Le schéma caché que l'hypnose peut révéler.

TSThierry Sudan
26 avril 202613 min de lecture

Vous avez sans doute déjà vécu cette scène. Vous êtes dans une conversation qui dérape. Vous sentez la tension monter, les mots dépassent votre pensée, et soudain, vous êtes dans ce conflit que vous connaissez par cœur. Les mêmes phrases, le même ton, la même impuissance. Après coup, vous vous promettez que la prochaine fois sera différente. Mais la prochaine fois arrive, et tout recommence.

Je reçois régulièrement des personnes qui me disent : « Thierry, j’ai l’impression de revivre toujours le même film. » Un couple qui se dispute sur le même sujet depuis dix ans. Un parent et son adolescent qui répètent la même scène de reproches. Un collègue qui vous fait sortir de vos gonds alors que vous aviez juré de rester calme.

Ce n’est pas de la malchance. Ce n’est pas que votre partenaire, votre enfant ou votre collègue soit « comme ça ». C’est un schéma, un programme automatique qui s’active sans que vous le vouliez. Et la bonne nouvelle, c’est que ce schéma peut être vu. Et une fois vu, il peut changer.

Dans cet article, je vais vous montrer ce qui se cache derrière ces répétitions. Comment votre cerveau construit ces boucles. Et comment l’hypnose ericksonienne, associée à des approches comme l’IFS (Internal Family Systems), peut vous aider à sortir de cette rotation infernale.

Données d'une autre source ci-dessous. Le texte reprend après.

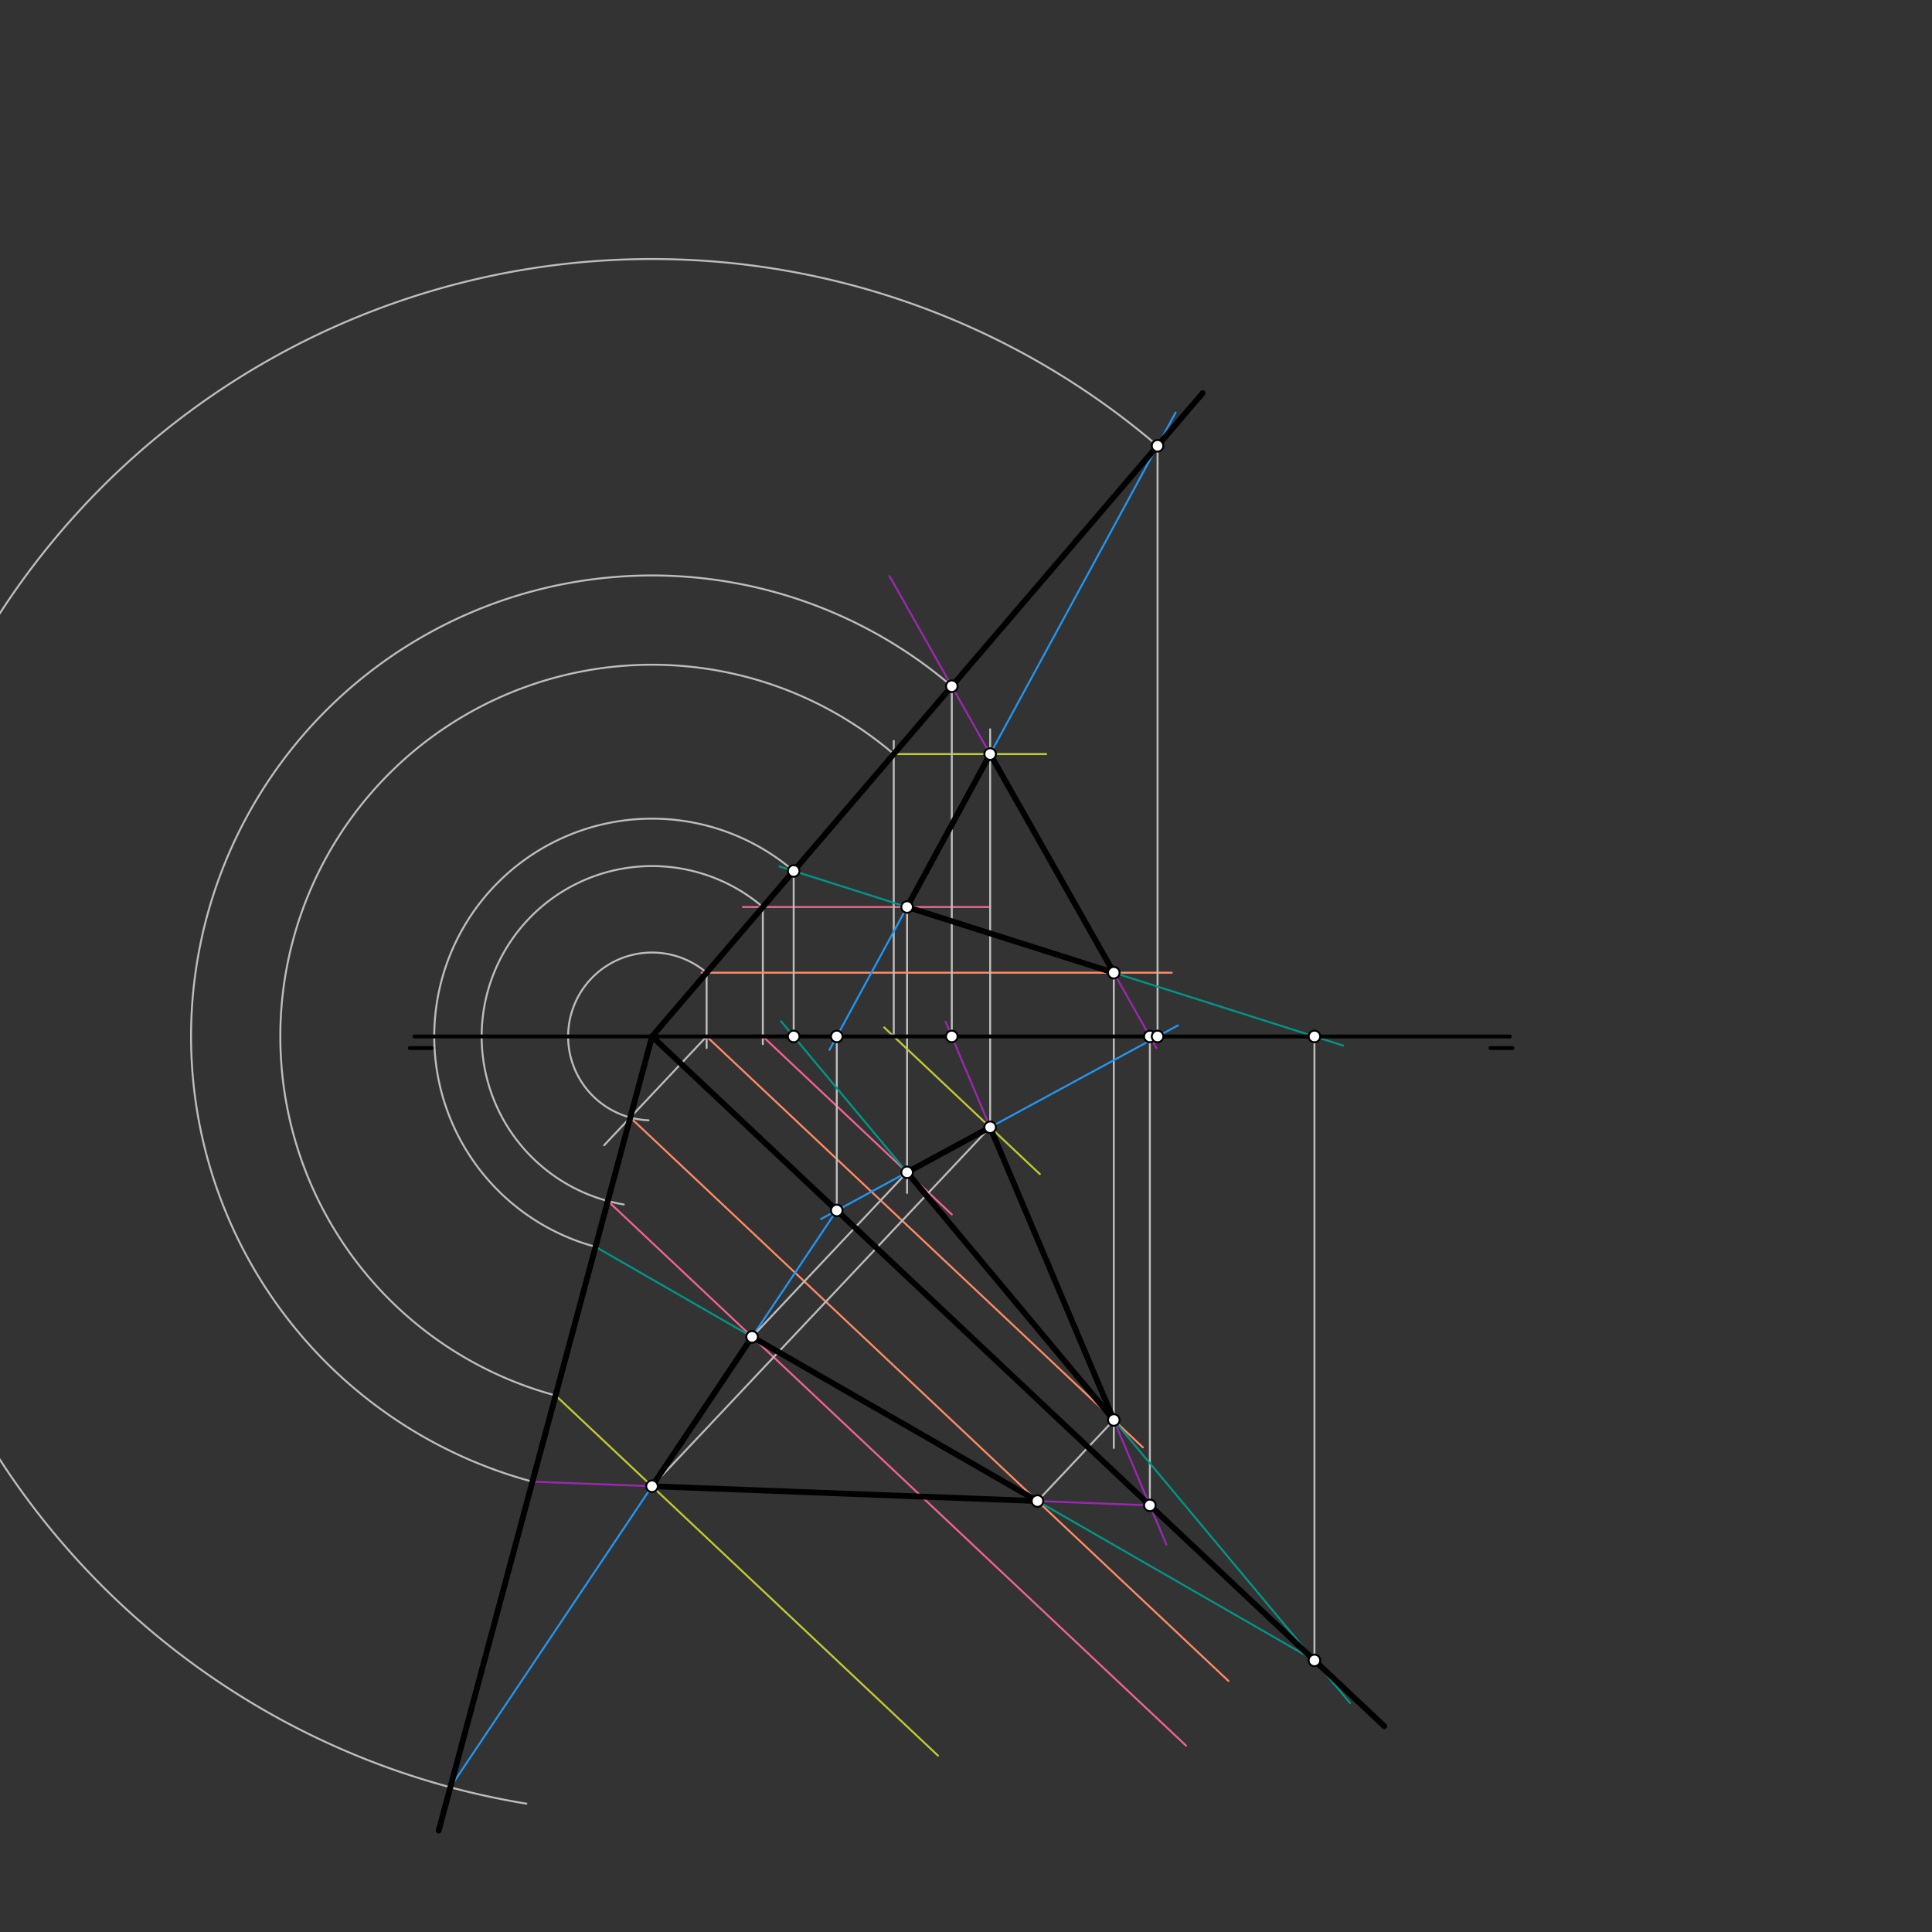 <svg xmlns="http://www.w3.org/2000/svg" class="svg--816" height="100%" preserveAspectRatio="xMidYMid meet" viewBox="0 0 1000 1000" width="100%"><rect x="0" y="0" width="1000" height="1000" fill="#333333" stroke="none"/><defs><marker id="marker-arrow" markerHeight="16" markerUnits="userSpaceOnUse" markerWidth="24" orient="auto-start-reverse" refX="24" refY="4" viewBox="0 0 24 8"><path d="M 0 0 L 24 4 L 0 8 z" stroke="inherit"></path></marker></defs><g class="aux-layer--949"><g class="element--733"><line stroke="#F06292" stroke-dasharray="none" stroke-linecap="round" stroke-width="1" x1="512.5" x2="384.5" y1="469.469" y2="469.469"></line></g><g class="element--733"><line stroke="#BDBDBD" stroke-dasharray="none" stroke-linecap="round" stroke-width="1" x1="394.842" x2="394.842" y1="469.469" y2="540.469"></line></g><g class="element--733"><line stroke="#F06292" stroke-dasharray="none" stroke-linecap="round" stroke-width="1" x1="394.842" x2="492.659" y1="536.469" y2="628.608"></line></g><g class="element--733"><line stroke="#BDBDBD" stroke-dasharray="none" stroke-linecap="round" stroke-width="1" x1="469.5" x2="469.5" y1="469.469" y2="617.469"></line></g><g class="element--733"><line stroke="#FF8A65" stroke-dasharray="none" stroke-linecap="round" stroke-width="1" x1="606.5" x2="363.104" y1="503.469" y2="503.469"></line></g><g class="element--733"><line stroke="#BDBDBD" stroke-dasharray="none" stroke-linecap="round" stroke-width="1" x1="365.743" x2="365.743" y1="503.469" y2="542.469"></line></g><g class="element--733"><line stroke="#FF8A65" stroke-dasharray="none" stroke-linecap="round" stroke-width="1" x1="365.743" x2="591.544" y1="536.469" y2="749.162"></line></g><g class="element--733"><line stroke="#BDBDBD" stroke-dasharray="none" stroke-linecap="round" stroke-width="1" x1="576.5" x2="576.5" y1="503.469" y2="749.469"></line></g><g class="element--733"><line stroke="#C0CA33" stroke-dasharray="none" stroke-linecap="round" stroke-width="1" x1="538.224" x2="457.657" y1="607.7" y2="531.809"></line></g><g class="element--733"><line stroke="#BDBDBD" stroke-dasharray="none" stroke-linecap="round" stroke-width="1" x1="462.604" x2="462.604" y1="536.469" y2="383.469"></line></g><g class="element--733"><line stroke="#C0CA33" stroke-dasharray="none" stroke-linecap="round" stroke-width="1" x1="462.604" x2="541.5" y1="390.295" y2="390.295"></line></g><g class="element--733"><line stroke="#BDBDBD" stroke-dasharray="none" stroke-linecap="round" stroke-width="1" x1="512.5" x2="512.5" y1="583.469" y2="377.469"></line></g><g class="element--733"><line stroke="#9C27B0" stroke-dasharray="none" stroke-linecap="round" stroke-width="1" x1="460.404" x2="598.562" y1="298.172" y2="542.482"></line></g><g class="element--733"><line stroke="#9C27B0" stroke-dasharray="none" stroke-linecap="round" stroke-width="1" x1="603.723" x2="489.433" y1="799.443" y2="528.858"></line></g><g class="element--733"><line stroke="#BDBDBD" stroke-dasharray="none" stroke-linecap="round" stroke-width="1" x1="595.162" x2="595.162" y1="536.469" y2="779.174"></line></g><g class="element--733"><line stroke="#BDBDBD" stroke-dasharray="none" stroke-linecap="round" stroke-width="1" x1="492.648" x2="492.648" y1="536.469" y2="355.19"></line></g><g class="element--733"><line stroke="#2196F3" stroke-dasharray="none" stroke-linecap="round" stroke-width="1" x1="609.713" x2="424.964" y1="530.739" y2="630.95"></line></g><g class="element--733"><line stroke="#2196F3" stroke-dasharray="none" stroke-linecap="round" stroke-width="1" x1="429.342" x2="608.506" y1="543.409" y2="213.524"></line></g><g class="element--733"><line stroke="#BDBDBD" stroke-dasharray="none" stroke-linecap="round" stroke-width="1" x1="599.149" x2="599.149" y1="536.469" y2="230.752"></line></g><g class="element--733"><line stroke="#BDBDBD" stroke-dasharray="none" stroke-linecap="round" stroke-width="1" x1="433.112" x2="433.112" y1="536.469" y2="626.53"></line></g><g class="element--733"><line stroke="#009688" stroke-dasharray="none" stroke-linecap="round" stroke-width="1" x1="403.407" x2="695.265" y1="448.467" y2="541.207"></line></g><g class="element--733"><line stroke="#009688" stroke-dasharray="none" stroke-linecap="round" stroke-width="1" x1="404.251" x2="698.755" y1="528.616" y2="881.468"></line></g><g class="element--733"><line stroke="#BDBDBD" stroke-dasharray="none" stroke-linecap="round" stroke-width="1" x1="410.805" x2="410.805" y1="450.818" y2="536.469"></line></g><g class="element--733"><line stroke="#BDBDBD" stroke-dasharray="none" stroke-linecap="round" stroke-width="1" x1="680.353" x2="680.353" y1="536.469" y2="859.42"></line></g><g class="element--733"><line stroke="#BDBDBD" stroke-dasharray="none" stroke-linecap="round" stroke-width="1" x1="365.743" x2="312.704" y1="536.469" y2="592.777"></line></g><g class="element--733"><path d="M 365.743 503.469 A 43.436 43.436 0 1 0 335.653 579.865" fill="none" stroke="#BDBDBD" stroke-dasharray="none" stroke-linecap="round" stroke-width="1"></path></g><g class="element--733"><line stroke="#FF8A65" stroke-dasharray="none" stroke-linecap="round" stroke-width="1" x1="326.23" x2="635.805" y1="578.417" y2="870.022"></line></g><g class="element--733"><path d="M 394.842 469.469 A 88.188 88.188 0 1 0 322.854 623.432" fill="none" stroke="#BDBDBD" stroke-dasharray="none" stroke-linecap="round" stroke-width="1"></path></g><g class="element--733"><line stroke="#F06292" stroke-dasharray="none" stroke-linecap="round" stroke-width="1" x1="314.618" x2="613.896" y1="621.637" y2="903.542"></line></g><g class="element--733"><path d="M 462.604 390.295 A 192.4 192.4 0 1 0 287.579 722.279" fill="none" stroke="#BDBDBD" stroke-dasharray="none" stroke-linecap="round" stroke-width="1"></path></g><g class="element--733"><line stroke="#C0CA33" stroke-dasharray="none" stroke-linecap="round" stroke-width="1" x1="287.579" x2="485.502" y1="722.279" y2="908.713"></line></g><g class="element--733"><path d="M 599.149 230.752 A 402.396 402.396 0 1 0 272.446 933.572" fill="none" stroke="#BDBDBD" stroke-dasharray="none" stroke-linecap="round" stroke-width="1"></path></g><g class="element--733"><line stroke="#2196F3" stroke-dasharray="none" stroke-linecap="round" stroke-width="1" x1="433.112" x2="233.092" y1="626.53" y2="925.084"></line></g><g class="element--733"><path d="M 492.648 355.19 A 238.606 238.606 0 1 0 275.59 766.903" fill="none" stroke="#BDBDBD" stroke-dasharray="none" stroke-linecap="round" stroke-width="1"></path></g><g class="element--733"><line stroke="#9C27B0" stroke-dasharray="none" stroke-linecap="round" stroke-width="1" x1="275.59" x2="595.162" y1="766.903" y2="779.174"></line></g><g class="element--733"><path d="M 410.805 450.818 A 112.737 112.737 0 1 0 308.249 645.345" fill="none" stroke="#BDBDBD" stroke-dasharray="none" stroke-linecap="round" stroke-width="1"></path></g><g class="element--733"><line stroke="#009688" stroke-dasharray="none" stroke-linecap="round" stroke-width="1" x1="308.249" x2="680.353" y1="645.345" y2="859.42"></line></g><g class="element--733"><line stroke="#BDBDBD" stroke-dasharray="none" stroke-linecap="round" stroke-width="1" x1="469.5" x2="389.276" y1="606.793" y2="691.961"></line></g><g class="element--733"><line stroke="#BDBDBD" stroke-dasharray="none" stroke-linecap="round" stroke-width="1" x1="512.5" x2="337.475" y1="583.469" y2="769.279"></line></g><g class="element--733"><line stroke="#BDBDBD" stroke-dasharray="none" stroke-linecap="round" stroke-width="1" x1="576.5" x2="536.987" y1="734.992" y2="776.94"></line></g></g><g class="main-layer--75a"><g class="element--733"><line stroke="#000000" stroke-dasharray="none" stroke-linecap="round" stroke-width="2" x1="214.5" x2="781.5" y1="536.469" y2="536.469"></line></g><g class="element--733"><line stroke="#000000" stroke-dasharray="none" stroke-linecap="round" stroke-width="2" x1="771.5" x2="782.839" y1="542.469" y2="542.469"></line></g><g class="element--733"><line stroke="#000000" stroke-dasharray="none" stroke-linecap="round" stroke-width="2" x1="223.5" x2="212.161" y1="542.469" y2="542.469"></line></g><g class="element--733"><line stroke="#000000" stroke-dasharray="none" stroke-linecap="round" stroke-width="3" x1="622.5" x2="337.291" y1="203.469" y2="536.713"></line></g><g class="element--733"><line stroke="#000000" stroke-dasharray="none" stroke-linecap="round" stroke-width="3" x1="337.5" x2="716.5" y1="536.469" y2="893.469"></line></g><g class="element--733"><line stroke="#000000" stroke-dasharray="none" stroke-linecap="round" stroke-width="3" x1="469.5" x2="512.5" y1="469.469" y2="390.295"></line></g><g class="element--733"><line stroke="#000000" stroke-dasharray="none" stroke-linecap="round" stroke-width="3" x1="512.5" x2="576.5" y1="390.295" y2="503.469"></line></g><g class="element--733"><line stroke="#000000" stroke-dasharray="none" stroke-linecap="round" stroke-width="3" x1="469.5" x2="576.5" y1="469.469" y2="503.469"></line></g><g class="element--733"><line stroke="#000000" stroke-dasharray="none" stroke-linecap="round" stroke-width="3" x1="469.5" x2="512.5" y1="606.793" y2="583.469"></line></g><g class="element--733"><line stroke="#000000" stroke-dasharray="none" stroke-linecap="round" stroke-width="3" x1="512.5" x2="576.5" y1="583.469" y2="734.992"></line></g><g class="element--733"><line stroke="#000000" stroke-dasharray="none" stroke-linecap="round" stroke-width="3" x1="469.5" x2="576.5" y1="606.793" y2="734.992"></line></g><g class="element--733"><line stroke="#000000" stroke-dasharray="none" stroke-linecap="round" stroke-width="3" x1="337.5" x2="237.754" y1="536.469" y2="907.73"></line></g><g class="element--733"><line stroke="#000000" stroke-dasharray="none" stroke-linecap="round" stroke-width="3" x1="237.754" x2="227.069" y1="907.73" y2="947.502"></line></g><g class="element--733"><line stroke="#000000" stroke-dasharray="none" stroke-linecap="round" stroke-width="3" x1="389.276" x2="536.987" y1="691.961" y2="776.94"></line></g><g class="element--733"><line stroke="#000000" stroke-dasharray="none" stroke-linecap="round" stroke-width="3" x1="536.987" x2="337.475" y1="776.94" y2="769.279"></line></g><g class="element--733"><line stroke="#000000" stroke-dasharray="none" stroke-linecap="round" stroke-width="3" x1="337.475" x2="389.276" y1="769.279" y2="691.961"></line></g><g class="element--733"><circle cx="469.5" cy="469.469" r="3" stroke="#000000" stroke-width="1" fill="#ffffff"></circle>}</g><g class="element--733"><circle cx="576.5" cy="503.469" r="3" stroke="#000000" stroke-width="1" fill="#ffffff"></circle>}</g><g class="element--733"><circle cx="512.5" cy="583.469" r="3" stroke="#000000" stroke-width="1" fill="#ffffff"></circle>}</g><g class="element--733"><circle cx="469.5" cy="606.793" r="3" stroke="#000000" stroke-width="1" fill="#ffffff"></circle>}</g><g class="element--733"><circle cx="576.5" cy="734.992" r="3" stroke="#000000" stroke-width="1" fill="#ffffff"></circle>}</g><g class="element--733"><circle cx="512.5" cy="390.295" r="3" stroke="#000000" stroke-width="1" fill="#ffffff"></circle>}</g><g class="element--733"><circle cx="595.162" cy="536.469" r="3" stroke="#000000" stroke-width="1" fill="#ffffff"></circle>}</g><g class="element--733"><circle cx="595.162" cy="779.174" r="3" stroke="#000000" stroke-width="1" fill="#ffffff"></circle>}</g><g class="element--733"><circle cx="492.648" cy="536.469" r="3" stroke="#000000" stroke-width="1" fill="#ffffff"></circle>}</g><g class="element--733"><circle cx="492.648" cy="355.19" r="3" stroke="#000000" stroke-width="1" fill="#ffffff"></circle>}</g><g class="element--733"><circle cx="599.149" cy="230.752" r="3" stroke="#000000" stroke-width="1" fill="#ffffff"></circle>}</g><g class="element--733"><circle cx="433.112" cy="536.469" r="3" stroke="#000000" stroke-width="1" fill="#ffffff"></circle>}</g><g class="element--733"><circle cx="433.112" cy="626.53" r="3" stroke="#000000" stroke-width="1" fill="#ffffff"></circle>}</g><g class="element--733"><circle cx="599.149" cy="536.469" r="3" stroke="#000000" stroke-width="1" fill="#ffffff"></circle>}</g><g class="element--733"><circle cx="410.805" cy="450.818" r="3" stroke="#000000" stroke-width="1" fill="#ffffff"></circle>}</g><g class="element--733"><circle cx="410.805" cy="536.469" r="3" stroke="#000000" stroke-width="1" fill="#ffffff"></circle>}</g><g class="element--733"><circle cx="680.353" cy="536.469" r="3" stroke="#000000" stroke-width="1" fill="#ffffff"></circle>}</g><g class="element--733"><circle cx="680.353" cy="859.42" r="3" stroke="#000000" stroke-width="1" fill="#ffffff"></circle>}</g><g class="element--733"><circle cx="389.276" cy="691.961" r="3" stroke="#000000" stroke-width="1" fill="#ffffff"></circle>}</g><g class="element--733"><circle cx="337.475" cy="769.279" r="3" stroke="#000000" stroke-width="1" fill="#ffffff"></circle>}</g><g class="element--733"><circle cx="536.987" cy="776.94" r="3" stroke="#000000" stroke-width="1" fill="#ffffff"></circle>}</g></g><g class="snaps-layer--ac6"></g><g class="temp-layer--52d"></g></svg>

Pourquoi votre cerveau aime les conflits qui se répètent

Votre cerveau n’est pas programmé pour votre bonheur. Il est programmé pour votre survie. Et la survie, c’est d’abord la prévisibilité. Quand vous vivez un conflit, votre cerveau enregistre la scène comme une information utile : « Attention, situation dangereuse. Voici comment ça se passe. » Il crée un chemin neuronal, une autoroute mentale que vous emprunterez à chaque fois que les conditions ressembleront à ce premier conflit.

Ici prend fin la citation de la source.